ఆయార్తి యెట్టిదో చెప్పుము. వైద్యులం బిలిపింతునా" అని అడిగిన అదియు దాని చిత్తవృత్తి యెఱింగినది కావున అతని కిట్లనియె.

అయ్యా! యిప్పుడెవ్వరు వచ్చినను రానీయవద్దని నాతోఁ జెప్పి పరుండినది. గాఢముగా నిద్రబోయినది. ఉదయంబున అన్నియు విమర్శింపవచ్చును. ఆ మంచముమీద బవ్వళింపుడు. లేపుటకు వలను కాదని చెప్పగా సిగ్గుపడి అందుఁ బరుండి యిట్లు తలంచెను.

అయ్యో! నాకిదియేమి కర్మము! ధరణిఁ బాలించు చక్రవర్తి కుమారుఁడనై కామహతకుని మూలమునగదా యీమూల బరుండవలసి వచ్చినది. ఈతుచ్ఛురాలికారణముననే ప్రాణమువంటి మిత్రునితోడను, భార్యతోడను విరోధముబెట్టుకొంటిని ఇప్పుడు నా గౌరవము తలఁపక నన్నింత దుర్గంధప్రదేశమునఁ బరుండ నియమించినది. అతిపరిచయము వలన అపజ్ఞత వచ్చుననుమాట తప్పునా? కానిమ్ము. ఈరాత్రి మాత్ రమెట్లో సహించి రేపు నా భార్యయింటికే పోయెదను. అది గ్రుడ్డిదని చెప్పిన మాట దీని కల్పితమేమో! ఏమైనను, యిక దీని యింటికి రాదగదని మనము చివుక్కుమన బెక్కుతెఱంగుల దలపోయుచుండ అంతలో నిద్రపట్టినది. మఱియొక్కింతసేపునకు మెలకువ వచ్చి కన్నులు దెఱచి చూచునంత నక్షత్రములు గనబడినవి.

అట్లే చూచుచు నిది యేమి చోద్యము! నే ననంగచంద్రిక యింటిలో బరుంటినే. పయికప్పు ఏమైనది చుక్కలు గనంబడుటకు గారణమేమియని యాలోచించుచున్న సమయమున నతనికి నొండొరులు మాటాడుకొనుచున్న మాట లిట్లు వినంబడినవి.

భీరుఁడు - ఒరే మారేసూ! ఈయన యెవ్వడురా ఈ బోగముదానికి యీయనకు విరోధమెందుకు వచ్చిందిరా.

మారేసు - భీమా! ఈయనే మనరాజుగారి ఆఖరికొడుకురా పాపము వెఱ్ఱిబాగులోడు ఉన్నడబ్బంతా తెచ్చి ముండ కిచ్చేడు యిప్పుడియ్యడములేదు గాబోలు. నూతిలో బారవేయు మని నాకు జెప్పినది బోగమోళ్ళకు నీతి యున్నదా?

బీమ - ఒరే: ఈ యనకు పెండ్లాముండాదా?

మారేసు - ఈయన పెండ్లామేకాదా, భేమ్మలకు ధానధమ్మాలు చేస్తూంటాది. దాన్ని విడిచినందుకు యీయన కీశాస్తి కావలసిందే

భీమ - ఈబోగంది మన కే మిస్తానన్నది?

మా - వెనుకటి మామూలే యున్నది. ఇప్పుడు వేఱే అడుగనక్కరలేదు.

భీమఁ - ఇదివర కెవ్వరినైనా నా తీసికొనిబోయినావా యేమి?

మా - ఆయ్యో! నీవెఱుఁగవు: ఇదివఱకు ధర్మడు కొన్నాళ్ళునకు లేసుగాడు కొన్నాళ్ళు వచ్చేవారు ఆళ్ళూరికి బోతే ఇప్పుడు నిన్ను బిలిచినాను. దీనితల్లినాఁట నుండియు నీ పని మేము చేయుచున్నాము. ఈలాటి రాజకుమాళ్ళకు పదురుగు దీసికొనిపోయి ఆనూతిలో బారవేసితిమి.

> _ASSIGNED TASK_:
Reproduce exactly, and with no other material, the lines between those holding "అట్లే చూచుచు నిది" and "భీమఁ - ఇదివర", inclusive.

> _WRITTEN REPLY_:
అట్లే చూచుచు నిది యేమి చోద్యము! నే ననంగచంద్రిక యింటిలో బరుంటినే. పయికప్పు ఏమైనది చుక్కలు గనంబడుటకు గారణమేమియని యాలోచించుచున్న సమయమున నతనికి నొండొరులు మాటాడుకొనుచున్న మాట లిట్లు వినంబడినవి.

భీరుఁడు - ఒరే మారేసూ! ఈయన యెవ్వడురా ఈ బోగముదానికి యీయనకు విరోధమెందుకు వచ్చిందిరా.

మారేసు - భీమా! ఈయనే మనరాజుగారి ఆఖరికొడుకురా పాపము వెఱ్ఱిబాగులోడు ఉన్నడబ్బంతా తెచ్చి ముండ కిచ్చేడు యిప్పుడియ్యడములేదు గాబోలు. నూతిలో బారవేయు మని నాకు జెప్పినది బోగమోళ్ళకు నీతి యున్నదా?

బీమ - ఒరే: ఈ యనకు పెండ్లాముండాదా?

మారేసు - ఈయన పెండ్లామేకాదా, భేమ్మలకు ధానధమ్మాలు చేస్తూంటాది. దాన్ని విడిచినందుకు యీయన కీశాస్తి కావలసిందే

భీమ - ఈబోగంది మన కే మిస్తానన్నది?

మా - వెనుకటి మామూలే యున్నది. ఇప్పుడు వేఱే అడుగనక్కరలేదు.

భీమఁ - ఇదివర కెవ్వరినైనా నా తీసికొనిబోయినావా యేమి?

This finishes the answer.